Man’s inhumanity to man has long been a subject for moralisation. With the knowledge that something has driven it down, we can also treat it as a matter of cause and effect. Instead of asking, ‘Why is there war?’ we might ask, ‘Why is there peace?’ We can obsess not just over what we have been doing wrong but also over what we have ben doing right. Because we have been doing something right, and it would be good to know what, exactly, it is. 

— Steven Pinker

We have a hard time giving ourselves a pat on the back. We’ve grown an aversion to it, and become squeamish whenever we encounter an instance of it in public. Like ‘oh God that mom just said well done to their toddler for singing the alphabet song again. Really?’ Could it be that we are so unsatisfied with our own lives that when we see others enjoying theirs, or congratulating someone for a done deed, all we are incapable of feeling genuinely happy for them? 

This conclusion resonates with me, because I can see how my personal life and worldview are intimately connected. One stems from the other. I think Rebecca Solnit is right when she says “I think that this grimness is more a psychology that an ideology.” And perhaps I’d be fine with that if I really did have reasons to be grim. But shit. I’m in the most privileged demographic in the world. That’s also part of the problem: it makes self-loathing a more attractive option. 

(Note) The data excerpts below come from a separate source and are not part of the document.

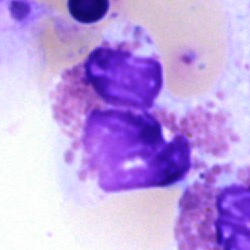Artefact.
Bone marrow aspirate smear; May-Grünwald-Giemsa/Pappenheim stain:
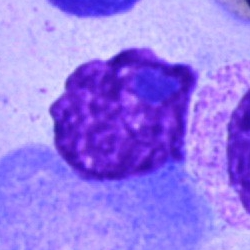Specimen: bone marrow smear.
Classification: artefact.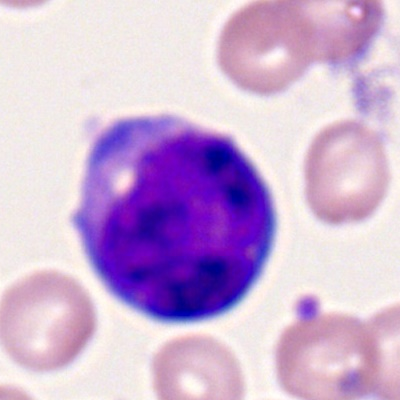

Morphological class: myeloblast.
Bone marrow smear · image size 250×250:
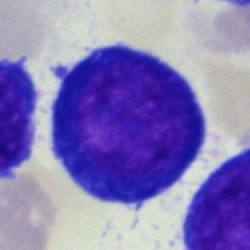
Q: Identify the cell.
A: It is a proerythroblast.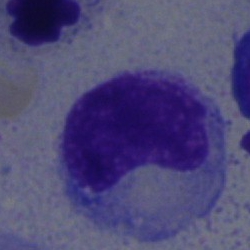Morphology → metamyelocyte.
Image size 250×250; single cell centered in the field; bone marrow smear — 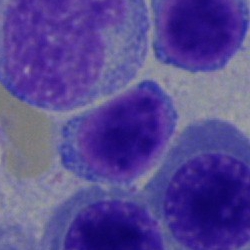
Impression → lymphocyte.

Just as my heartache can lend itself to a dire worldview, so it must also be true that mending that heart lends itself to a hopeful one. In one of the most beautiful passages ever written by a man in prison, Czech playwright and future president Vaclav Havel gives shape to hope and why it is not only necessary but, in fact, sublime. And the only way to read his words are by trusting him; by casting aside our doubts both about ourselves and others; and by believing that he believed what he wrote with the depth of his heart. And if we can do that, we’re already halfway to mending our own hearts and opening them to hope.

The kind of hope I often think about (especially in situations that are particularly hopeless, such as prison) I understand above all as a state of mind, not a state of the world. Either we have hope within us or we don’t; it is a dimension of the soul; it’s not essentially dependent on some particular observation of the world or estimate of the situation. Hope is not prognostication. It is an orientation of the spirit, an orientation of the heart; it transcends the world that is immediately experienced, and is anchored somewhere beyond its horizons. Hope, in this deep and powerful sense, is not the same as joy that things are going well, or willingness to invest in enterprises that are obviously headed for early success, but, rather, an ability to work for something because it is good, not just because it stands a chance to succeed.

— Vaclav Havel

Hope, as Havel sees it, is intimately connected to virtue. A very old fashioned concept that rings funny in today’s world of WhatsApp notifications and Tinder swipes. Because it’s old fashioned; because it’s so heavily laden with religious connotation and because God is supposedly dead; virtue has fallen into disbelief. At the same time, it is exactly what we crave. It’s the food our souls yearn to be fulfilled with, and it appears in our lives even when we want to believe it isn’t there. Virtue is not a promise. Virtue is not something that can let you down. Virtue just is. We do virtuous acts all the time. It’s just that we rarely acknowledge them as such.